No one watched more carefully than Orrie and Mart unless it was Agnes Worth. Agnes felt noble. She knew why the boys acted the way they did. Her father and mother had discussed it at length during supper the evening before.
“Them Irish got bad ways,” her father had explained. “They’re just natural mean. Can’t tell nothin’ about what they’ll do.”
“Well, I know,” her mother had added dramatically, “that them Fensters drinks beer and you can’t expect much from nobody whose folks puts beer right on the table where them little children can see it. Of course Mart’s folks goes to church and all, but that don’t always mean nothin’.”
“Yeah,” Mr. Worth had agreed sagely, “them folks of Mart’s do act strange. Why, one day they was a talkin’ to the minister in town and when Fenster walked up they just right up and introduced him. Of course the Reverend had to shake hands and talk to him and all. It ain’t right to embarrass a minister like that.”
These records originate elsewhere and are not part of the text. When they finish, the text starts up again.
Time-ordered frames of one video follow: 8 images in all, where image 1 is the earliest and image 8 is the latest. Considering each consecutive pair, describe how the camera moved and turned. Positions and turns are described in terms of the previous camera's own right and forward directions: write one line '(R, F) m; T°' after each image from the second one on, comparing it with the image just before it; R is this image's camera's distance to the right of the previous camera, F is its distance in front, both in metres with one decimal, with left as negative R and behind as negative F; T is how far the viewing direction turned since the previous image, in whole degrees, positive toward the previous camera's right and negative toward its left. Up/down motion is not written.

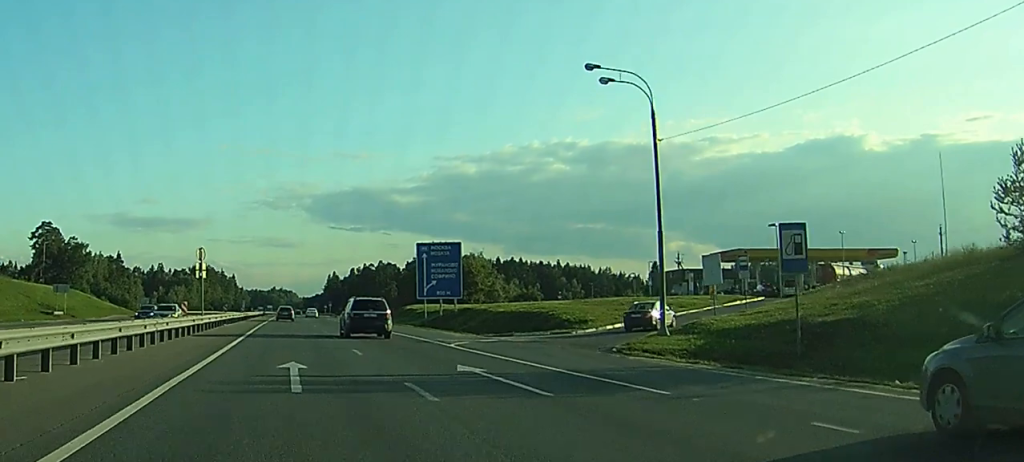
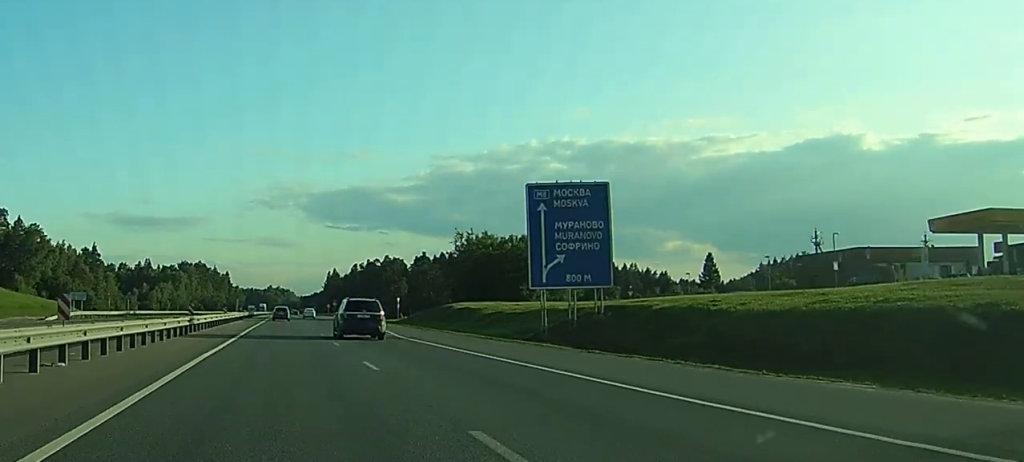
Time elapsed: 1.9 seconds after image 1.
(0.0, +41.4) m; 0°
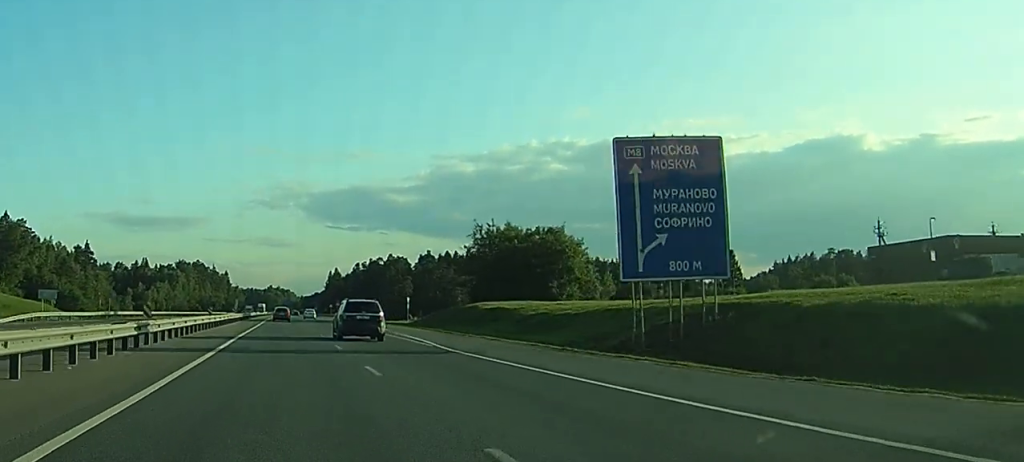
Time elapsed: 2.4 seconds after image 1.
(0.0, +12.7) m; 0°
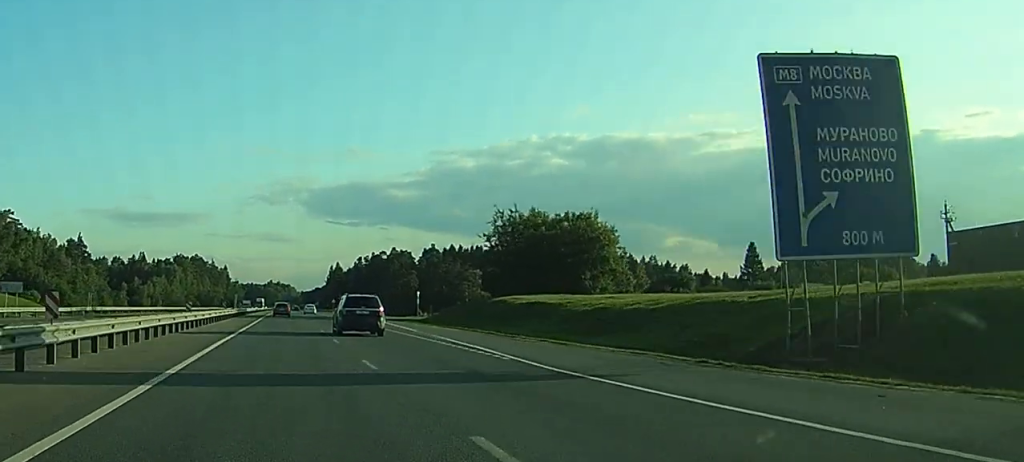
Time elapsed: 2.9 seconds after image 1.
(-0.1, +11.3) m; 0°
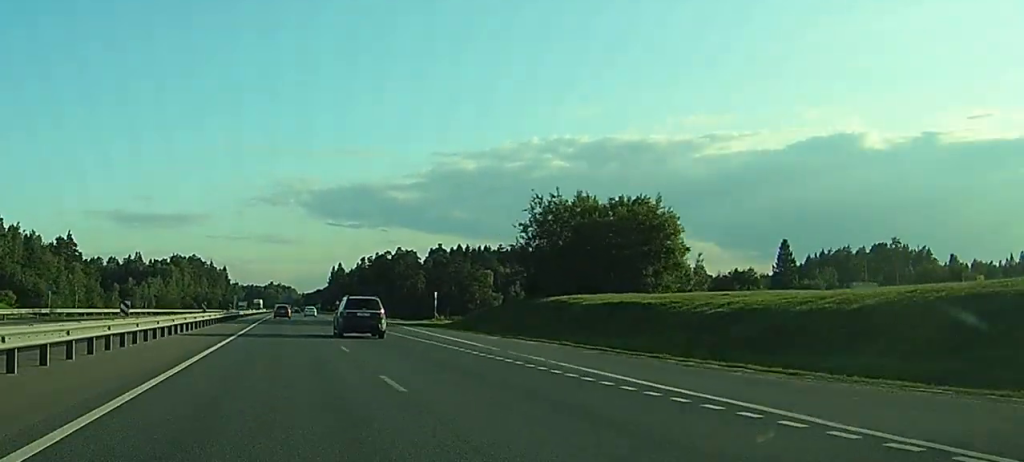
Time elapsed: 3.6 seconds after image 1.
(0.0, +15.7) m; 0°
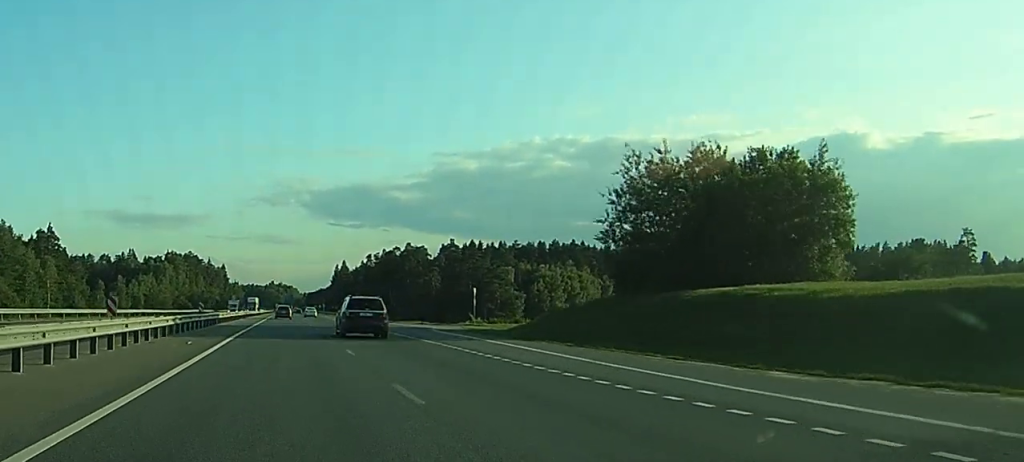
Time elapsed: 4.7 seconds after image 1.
(0.0, +24.8) m; 0°
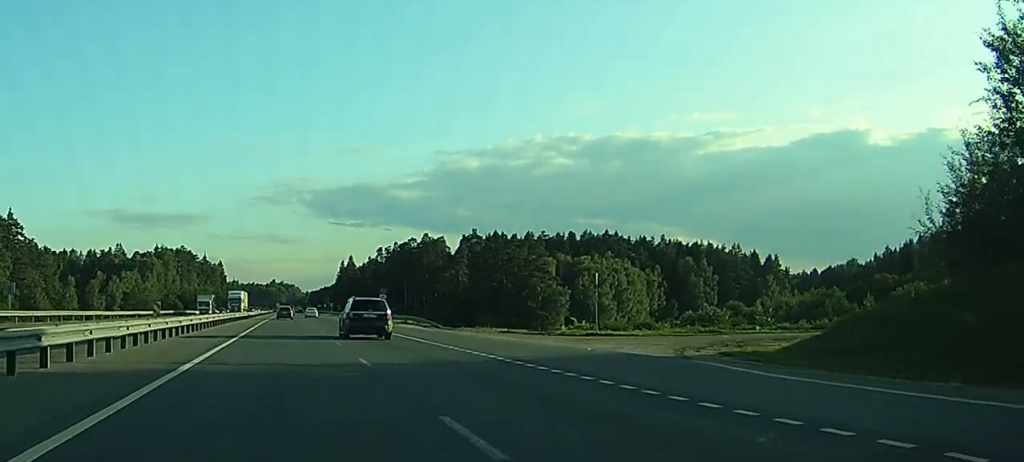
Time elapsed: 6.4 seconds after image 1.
(-0.3, +38.6) m; 0°
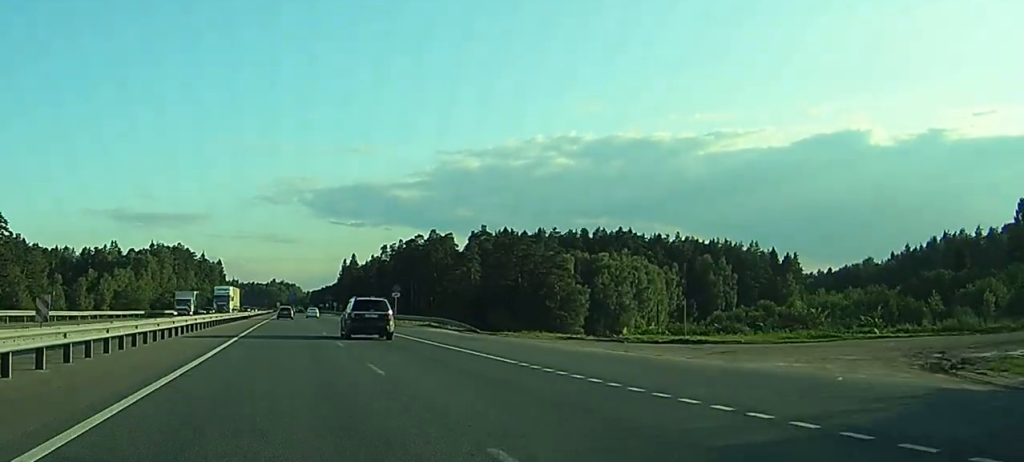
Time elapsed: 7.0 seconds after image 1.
(+0.2, +13.7) m; 0°

“Some folks ain’t got no respect for nothin’,” Mrs. Worth observed sadly.
Agnes had listened to all this carefully. She was glad that she had had an opportunity to do good. Perhaps she could do more. Maybe she could even be a teacher some day. She shivered with joy at the thought.
Miss Knickerson faced the class. She had her feet together and her back was very straight. She held the ain’t box high without looking at it. Mart had a feeling that she was about to say the Pledge of Allegiance. His stomach felt funny.
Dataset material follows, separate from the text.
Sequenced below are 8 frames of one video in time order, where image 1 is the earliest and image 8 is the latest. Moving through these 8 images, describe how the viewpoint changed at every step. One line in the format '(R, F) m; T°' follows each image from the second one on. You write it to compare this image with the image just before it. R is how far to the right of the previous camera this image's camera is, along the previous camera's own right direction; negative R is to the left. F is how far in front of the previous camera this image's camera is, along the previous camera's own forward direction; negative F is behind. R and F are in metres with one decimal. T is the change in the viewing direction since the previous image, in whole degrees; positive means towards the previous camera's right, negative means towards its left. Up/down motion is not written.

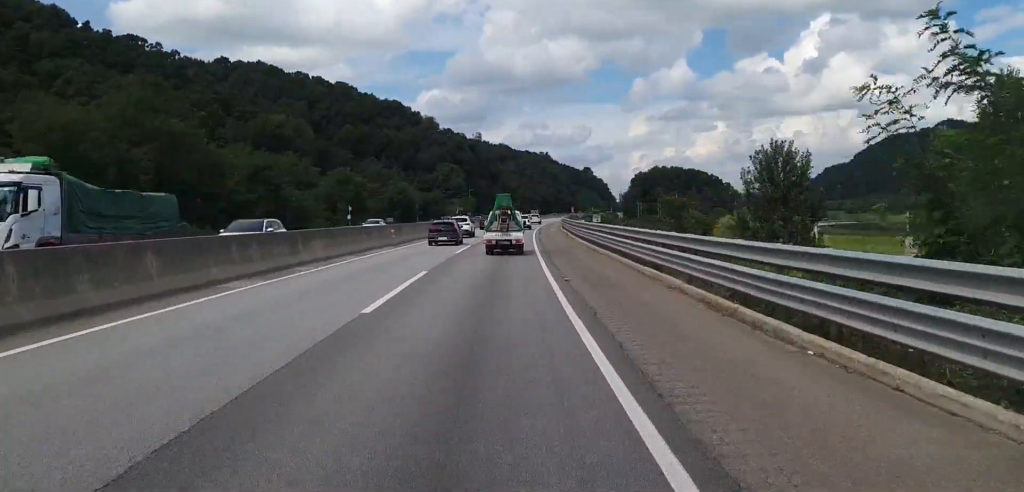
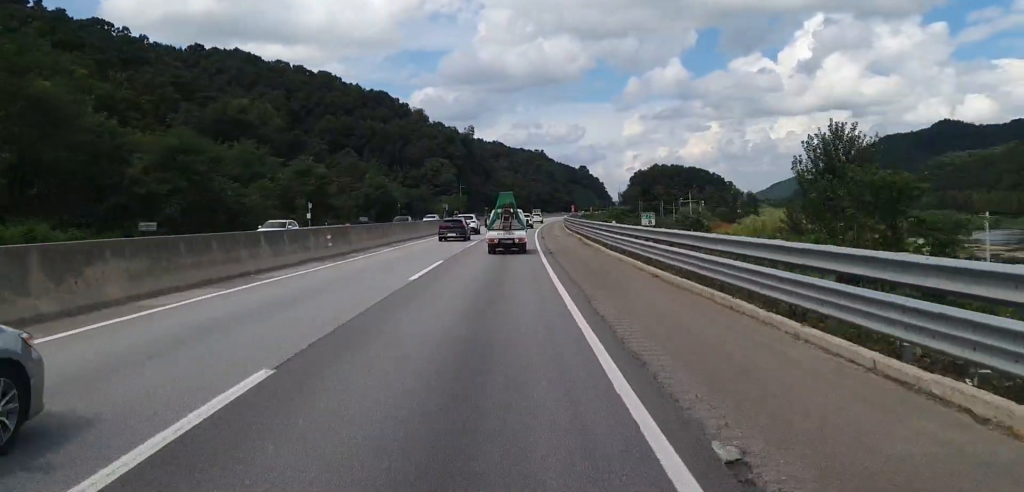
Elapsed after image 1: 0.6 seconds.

He glanced at Orrie and saw that he had slid down in his seat until only the top of his head could be seen above the back of his desk. He stole a quick glance at Agnes. She was carefully printing her name on the front of a new tablet.
Miss Knickerson began to speak: “Some people here have made mistakes, but then everyone does from time to time. I’ve decided that some mistakes are better forgotten. So, we will bury the ain’t box! Bring the coal shovel and come with me.”
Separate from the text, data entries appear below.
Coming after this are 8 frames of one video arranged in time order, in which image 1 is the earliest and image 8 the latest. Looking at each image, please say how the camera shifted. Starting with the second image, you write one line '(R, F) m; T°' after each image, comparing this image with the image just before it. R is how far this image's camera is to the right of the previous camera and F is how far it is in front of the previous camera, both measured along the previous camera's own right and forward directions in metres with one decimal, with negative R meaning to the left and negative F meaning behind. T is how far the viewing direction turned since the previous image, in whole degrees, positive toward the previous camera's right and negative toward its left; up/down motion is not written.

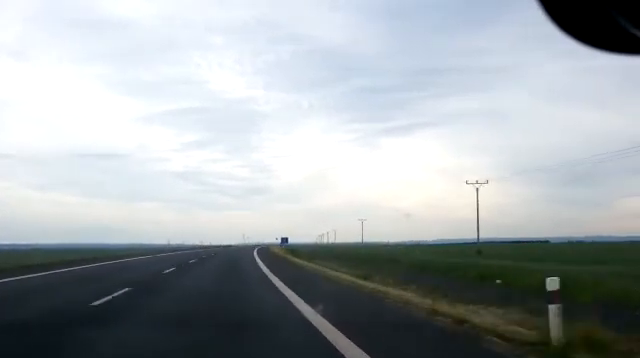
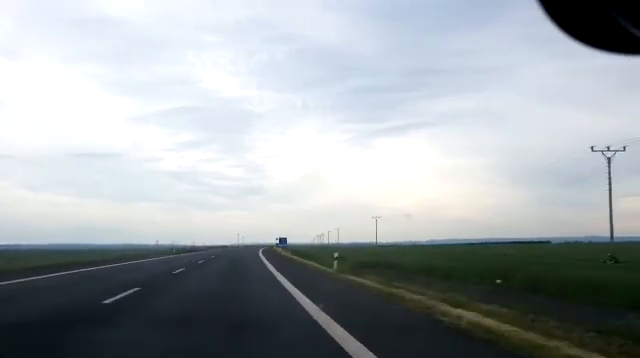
(+0.4, +26.6) m; +1°
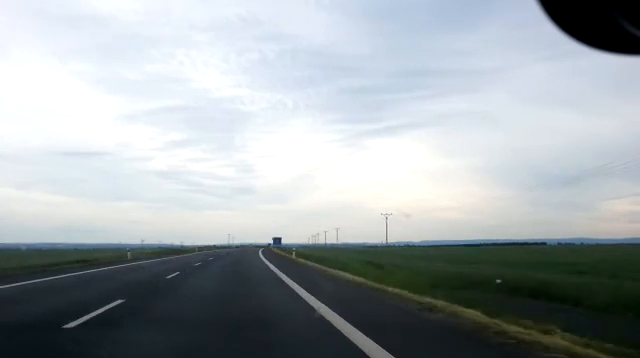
(+0.1, +20.6) m; 0°
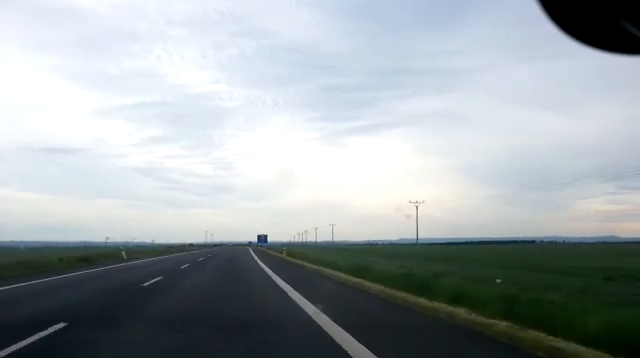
(+0.7, +38.2) m; +2°
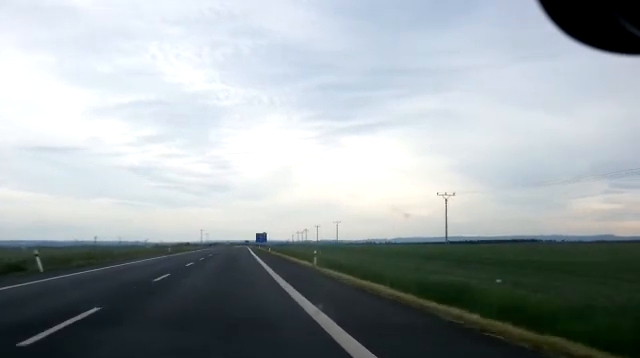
(+0.1, +16.2) m; +1°
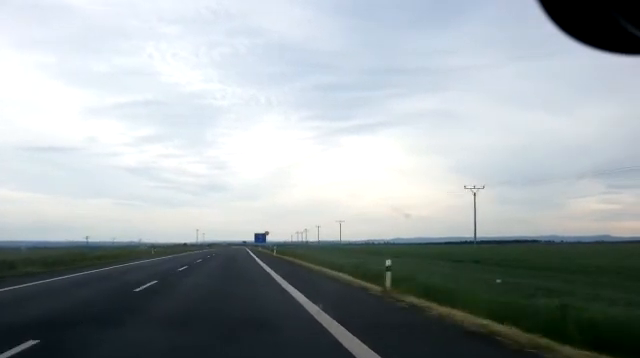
(-0.1, +11.6) m; +1°
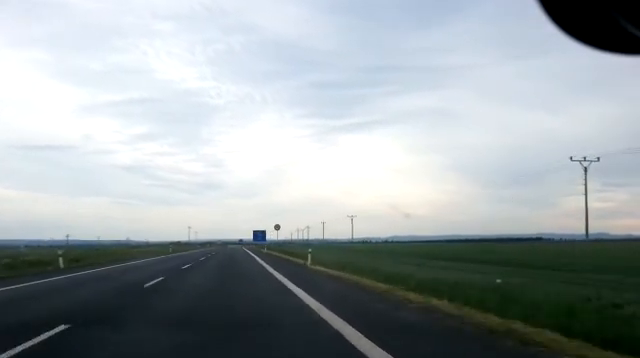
(+0.5, +25.5) m; 0°
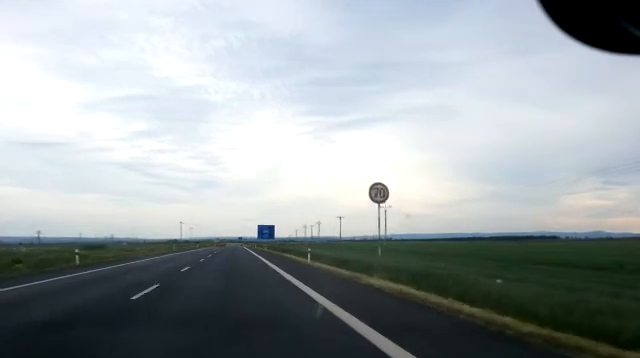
(-0.5, +38.2) m; -1°

Everyone followed her out to the sandy place behind the coal shed. “Dig here,” she instructed one of the older boys, and he dug a neat hole. Then without ceremony she dropped the box into the hole and the boy covered it with sand. “We won’t continue with opening exercises this morning,” she said; “you may play for fifteen minutes.”
Eleven children played “Red Rover,” one teacher watched them, and two small boys stood over the grave talking. “Our names are still in there,” Mart said.
“Does it matter?” asked Orrie.
Mart thought a while, “It matters,” he said; “let’s take them out.”
“Can anyone see us?”
They began to dig away the sand with their hands. Mart stopped digging. “I’m going to get something,” he said, and walked toward the schoolhouse door. It was cool and quiet inside. He went to Agnes’s desk. Her tablet was still on top where she had left it, and Mart was sure that the word on the front was here name.
He took a sheet of his own paper and laboriously copied the letters. The result looked similar to the original. He copied it again. This time it was easier.
Orrie was opening the box when Mart returned. They both looked inside. Mart recognized his name and took the offending slip; Orrie took the other. Then Mart opened his other hand, and two ragged pieces of papers dropped into the box. “What’s on them?” asked Orrie.
Mart looked at him triumphantly, “Agnes,” he said.
They were laughing so hard they could hardly fill the hole. “Are you going to tell her?” asked Orrie.
“No,” said Mart, “because she’d tell the teacher. Will you tell?”
“I ain’t never going to tell,” Orrie promised.